On entend trop souvent dire que construire un bâtiment beau coûte plus cher qu’un bâtiment moche. Alors, on conçoit des bâtiments moches, sinon on ne sait pas faire. Ce que je pense, c’est que tout cela est une question de marge, à laquelle on peut renoncer si on a envie. Il faut que les promoteurs aient un véritable engagement financier, lié à une certaine philanthropie. Cependant, la contrainte financière, elle n’est pas si importante que cela, si l’on arrive à trouver des techniques intelligentes. Mais c’est un métier qui a plein de processus bien ancrés, dont il est difficile de sortir. Lorsque l’on y arrive, on peut trouver des solutions économiquement très intéressantes. Ces dernières permettent de faire des projets écologiques. Par exemple, le préfabriqué en bois : on gagne du temps et de l’argent. Certes, il faut s’adapter à ce type de structures qui peuvent être contraignantes, et la majorité des promoteurs n’ont pas envie de se mettre dans la contrainte. Mais il existe toujours des solutions !

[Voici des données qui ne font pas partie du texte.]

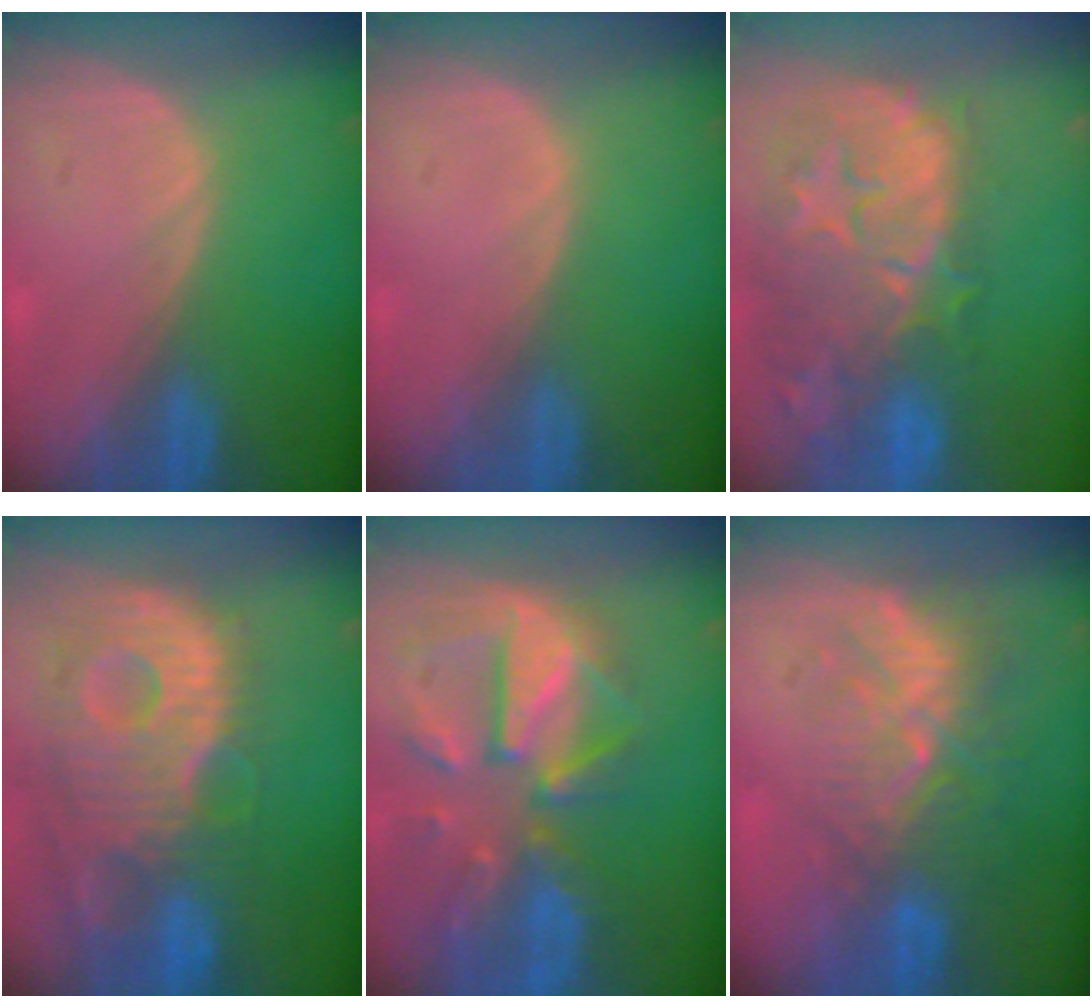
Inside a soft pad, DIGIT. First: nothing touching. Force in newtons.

Quel conseil donneriez-vous à quelqu’un qui souhaite faire de l’immobilier son métier ?

De façon générale, le conseil que je peux donner à quelqu’un qui veut se lancer, c’est d’éviter d’écouter ses peurs et celles des autres : elles sont toujours le reflet de leurs propres craintes et inquiétudes. Il faut se faire confiance et écouter son GPS interne, à savoir son intuition, qui marche très bien. Et surtout, il faut s’engager.